Highlight

Shrink or Substitute: Handling Process Failures in HPC Systems using In-situ Recovery

shrink image
Figure 1: Graphical illustration of shrink and substitute approaches for handling process failures in HPC systems.

Achievement

Developed and implemented shrink and substitute approaches to recover from process failures in distributed high-performance computing (HPC) applications. Proposed approaches provide the ability to continue application execution in the presence of failures without the need to discard progress using in-situ reconfiguration, spare processes (if available) and in-memory checkpoints. Demonstrated and compared the efficacy of proposed approaches through implementation in a linear solver application.

Significance and Impact

Demonstrated design tradeoffs and complexities involved in the realization of shrink and substitute recovery approaches for usability in the design of resilient HPC applications.

Research Details

  • Demonstrated two distinct approaches to recover from process failures: in one case, the application is resumed using surviving processes only and in the other case, the application is resumed using design-time allocated spare and surviving processes.
  • Developed application-driven in-memory checkpoint and state recovery compatible to both shrink and substitute approaches. Shrink approach requires workload rebalancing and substitute approach requires distribution of application state to spare processes.
  • Evaluated the performance overheads for in-memory checkpoint and recovery operations at large-scale in the presence of multiple independent processes failures.

Overview

Analyses of large-scale HPC systems has demonstrated the need to implement process failure resilience in long-running applications, which are susceptible to multiple failures during their execution. The failures hinder scientific productivity and can result in significant wastage of resources, since the failure of even one process in a parallel application based on the message-passing programming model results in a fatal application crash. This work explores the utility of User Level Failure Mitigation (ULFM) proposal in the Message Passing Interface (MPI) standard, which provides the ability to detect process failures, isolate failed processes, and reconfigure MPI applications to resume normal operation without the need to reallocate resources in the HPC system. It does not however provide the ability to recover application state and therefore use of in-memory checkpoints, with the option of whether to include spare processes to replace failed processes (substitute approach) or continue execution with surviving processes (shrink approach) is investigated in this work.

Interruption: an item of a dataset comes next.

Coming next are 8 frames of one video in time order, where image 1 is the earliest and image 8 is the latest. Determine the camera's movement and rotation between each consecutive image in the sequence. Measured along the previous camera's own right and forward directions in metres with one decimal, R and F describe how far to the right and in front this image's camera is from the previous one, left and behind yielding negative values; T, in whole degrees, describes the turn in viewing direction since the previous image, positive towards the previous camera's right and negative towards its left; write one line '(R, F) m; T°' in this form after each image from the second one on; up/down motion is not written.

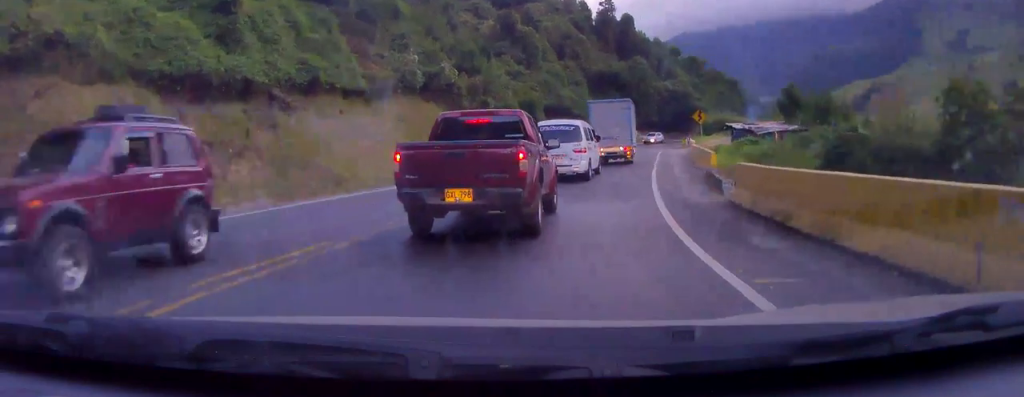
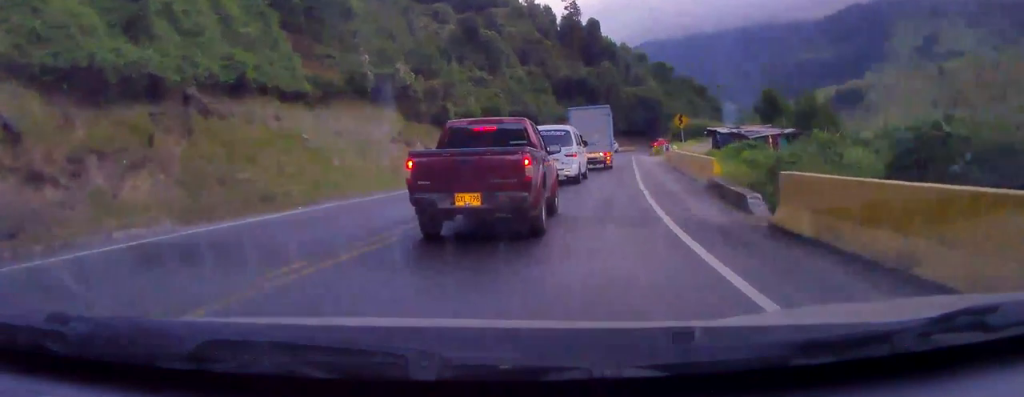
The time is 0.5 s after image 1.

Replacement of failed processes using spare processes avoids the requirement of dynamic workload rebalancing when continuing execution with surviving processes only, besides some applications can not tolerate the loss of processes due to problem decomposition restrictions. Results assessing overall performance impact of employing substitute and shrink approaches in a linear solver application demonstrate high overheads associated with mapping of spare processes and the potential of surviving processes at large-scale to handle workload of lost processes. The selection of recovery approach depends on application and system characteristics, such as the overheads associated with workload rebalancing and communication disruption due to inclusion of spare processes, availability of spare resources, and code malleability.